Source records
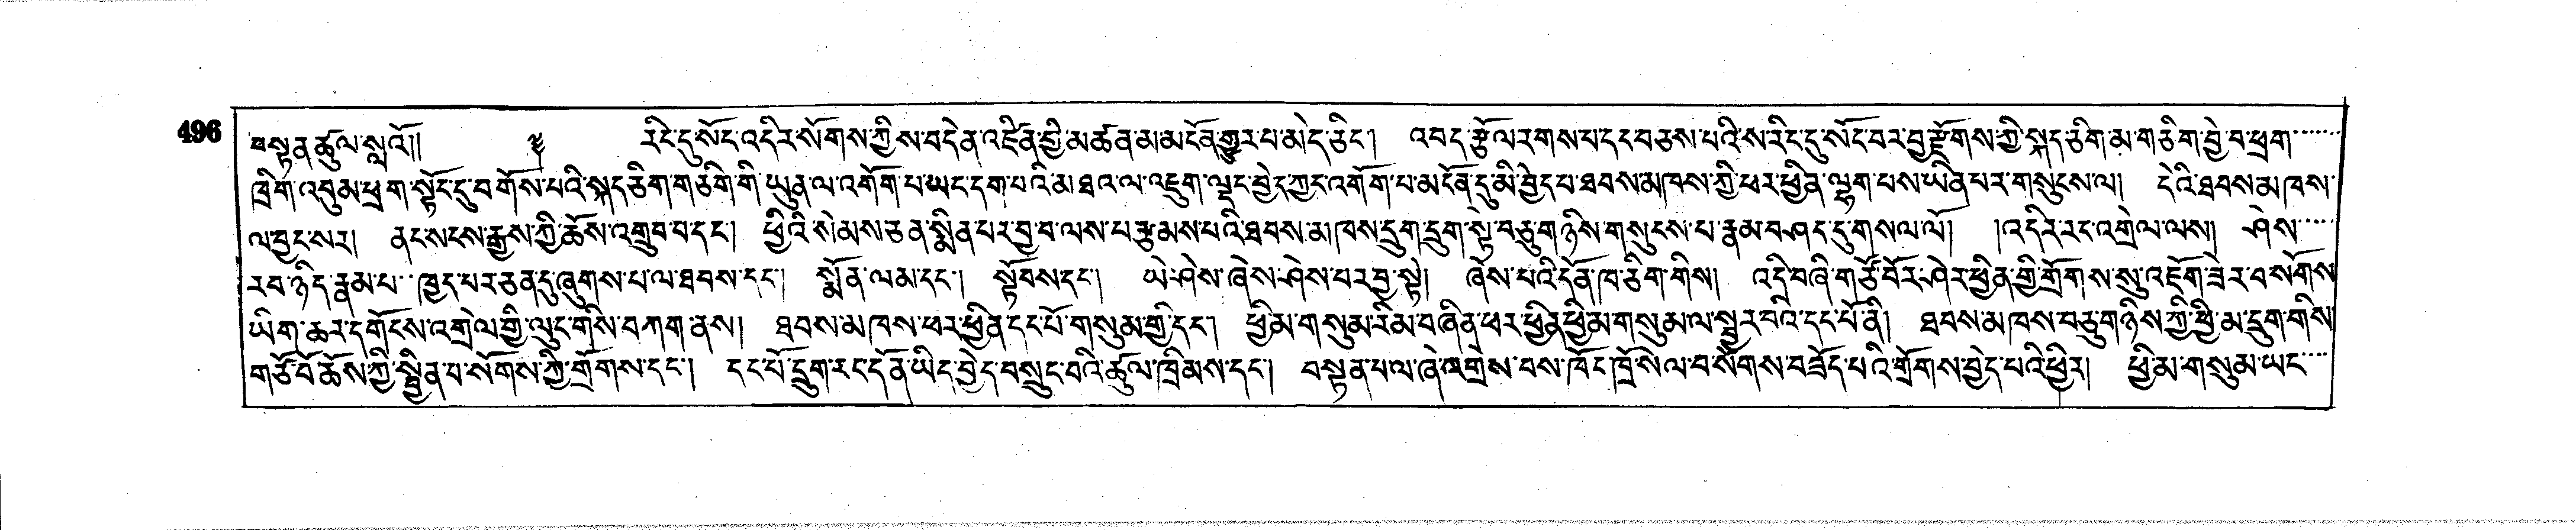བསྟན་ཚུལ་སླའོ།། ༈ རིང་དུ་སོང་འདིར་སོགས་ཀྱིས་བདེན་འཛིན་གྱི་མཚན་མ་མངོན་གྱུར་པ་མེད་ཅིང་། འབད་རྩོལ་རགས་པ་དང་བཅས་པའི་ས་རིང་དུ་སོང་བར་བྱ་རྫོགས་ཀྱི་སྐད་ཅིག་མ་གཅིག་བྱེ་བ་ཕྲག་
ཁྲིག་འབུམ་ཕྲག་སྟོང་དུ་བགོས་པའི་སྐད་ཅིག་གཅིག་གི་ཡུན་ལ་འགོག་པ་ཡང་དག་པའི་མཐའ་ལ་འཇུག་ལྡང་བྱེད་ཀྱང་འགོག་པ་མངོན་དུ་མི་བྱེད་པ་ཐབས་མཁས་ཀྱི་ཕར་ཕྱིན་ལྷག་པས་ཡིན་པར་གསུངས་ལ། དེའི་ཐབས་མཁས་
ལ་བྱང་སར། ནང་སངས་རྒྱས་ཀྱི་ཆོས་འགྲུབ་པ་དང་། ཕྱིའི་སེམས་ཅན་སྨིན་པར་བྱ་བ་ལས་བརྩམས་པའི་ཐབས་མཁས་དྲུག་དྲུག་སྟེ་བཅུ་གཉིས་གསུངས་པ་རྣམ་བཤད་དུ་གསལ་ལོ། །འདིར་རང་འགྲེལ་ལས། ཤེས་
རབ་ཉིད་རྣམ་པ་ཁྱད་པར་ཅན་དུ་ཞུགས་པ་ལ་ཐབས་དང་། སྨོན་ལམ་དང་། སྟོབས་དང་། ཡེ་ཤེས་ཞེས་ཤེས་པར་བྱ་སྟེ། ཞེས་པའི་དོན་ཁ་ཅིག་གིས། འདི་བཞི་གཙོ་བོར་ཤེར་ཕྱིན་གྱི་གྲོགས་སུ་འཇོག་ཟེར་བ་སོགས་
ཡིག་ཆར་དགོངས་འགྲེལ་གྱི་ལུང་གིས་བཀག་ནས། ཐབས་མཁས་ཕར་ཕྱིན་དང་པོ་གསུམ་གྱི་དང་། ཕྱི་མ་གསུམ་རིམ་བཞིན་ཕར་ཕྱིན་ཕྱི་མ་གསུམ་ལ་སྦྱར་བའི་དང་པོ་ནི། ཐབས་མཁས་བཅུ་གཉིས་ཀྱི་ཕྱི་མ་དྲུག་གིས་
གཙོ་བོ་ཆོས་ཀྱི་སྦྱིན་པ་སོགས་ཀྱི་གྲོགས་དང་། དང་པོ་དྲུག་རང་དོན་ཡིད་བྱེད་བསྲུང་བའི་ཚུལ་ཁྲིམས་དང་། བསྟན་པ་ལ་ཞེ་འགྲེས་བས་ཁོང་ཁྲོ་སེལ་བ་སོགས་བཟོད་པའི་གྲོགས་བྱེད་པའི་ཕྱིར། ཕྱི་མ་གསུམ་ཡང་
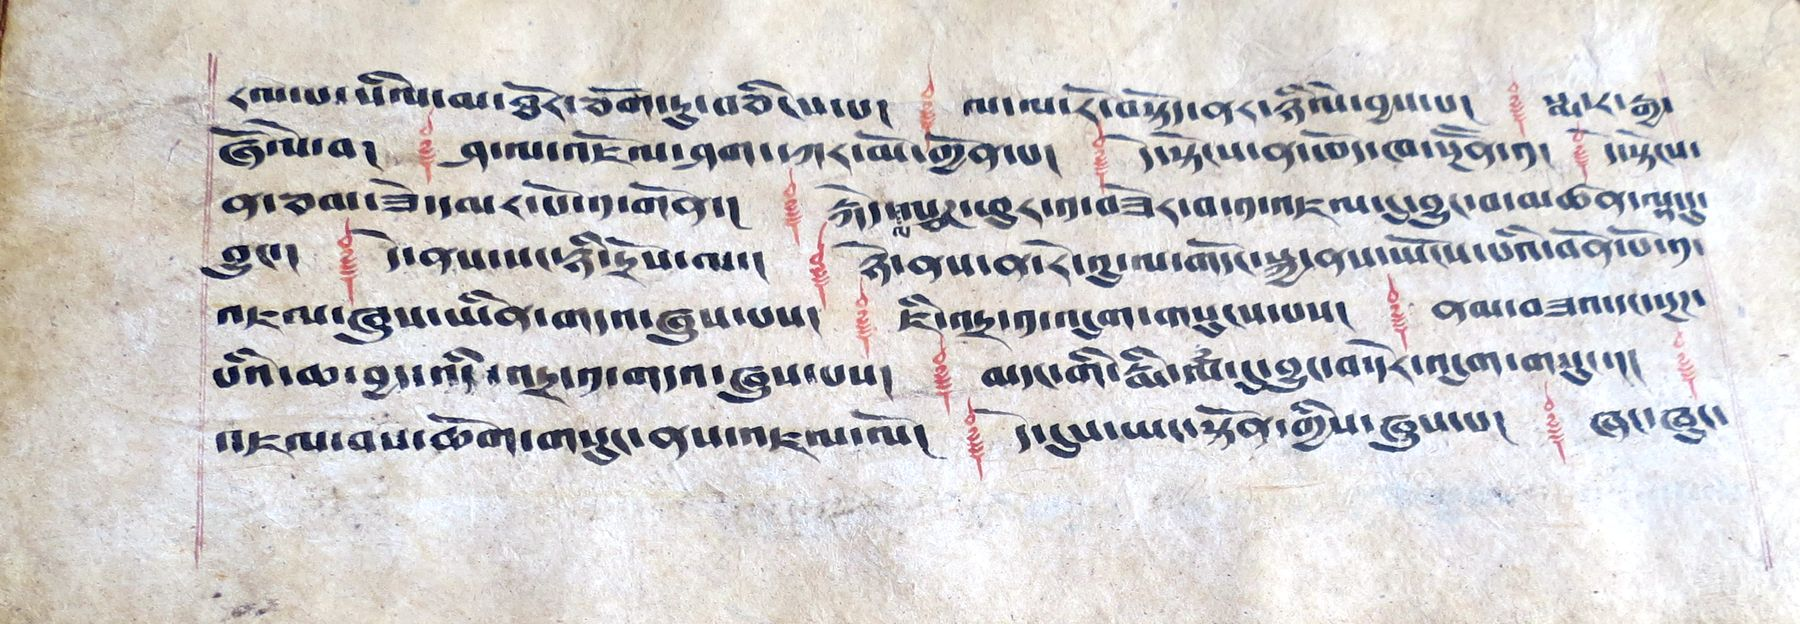རལ་པ་སིལ་མ་ཐོར་ཅོག་ཏུ་བཅིངས་པ། ལ་ལ་རོ་སྟོད་ན་ཉི་ལེ་བྱས་པ། སྨང་ར་རྒྱ་
ཞོལ་ལེ་བ་ཤ་ལ་འཇོལ་ཤག་དཀར་མོ་གྱོན་པ། དེ་སྟེང་ན་ཕོད་ཁ་སྔོན་པོ་ཞིག དེ་སྟེང་
ན་ཅམ་སེ་དམར་པོ་ཞིག་གོན། རྐེད་ལ་ལྕགས་ཕུར་གཅིག་གཟེར་བ་ཞིག མཇལ་དུ་མཚན་ལྟས་སུ་
བྱུང་། དེ་ནས་སང་ཉི་དྲོས་ལ། ཉེ་གནས་ན་རེ། འུ་ལ་གདོང་སྐྱ་ནས་ཡོང་བའི་བོན་པོ་ཞིག་
མཇལ་ཞུ་ཡིན་གདའ་ཞུས་པས། ཅི་འདྲ་ཞིག་འདུག་གསུངས་པས། ནམ་བཟའ་དང་སྔགས་
པའི་ཆ་བྱད་འདི་འདྲ་གདའ་ཞུས་པས། མདང་གི་མཚན་ལམ་དུ་བྱུང་པ་དེར་འདུག་གསུངས། 
མཇལ་བས་ཆོག་གསུང་ནས་མཇལ་ལོ། ། དེ་དུས་ཡང་སྟོན་གྱིས་ཞུས་པ། ཞང་ཞུང་

To do: Return exactly the lines from the one containing "པའི་ཆ་བྱད་འདི་" through the last line of the records above, both included, and nothing else.

Written reply:
པའི་ཆ་བྱད་འདི་འདྲ་གདའ་ཞུས་པས། མདང་གི་མཚན་ལམ་དུ་བྱུང་པ་དེར་འདུག་གསུངས། 
མཇལ་བས་ཆོག་གསུང་ནས་མཇལ་ལོ། ། དེ་དུས་ཡང་སྟོན་གྱིས་ཞུས་པ། ཞང་ཞུང་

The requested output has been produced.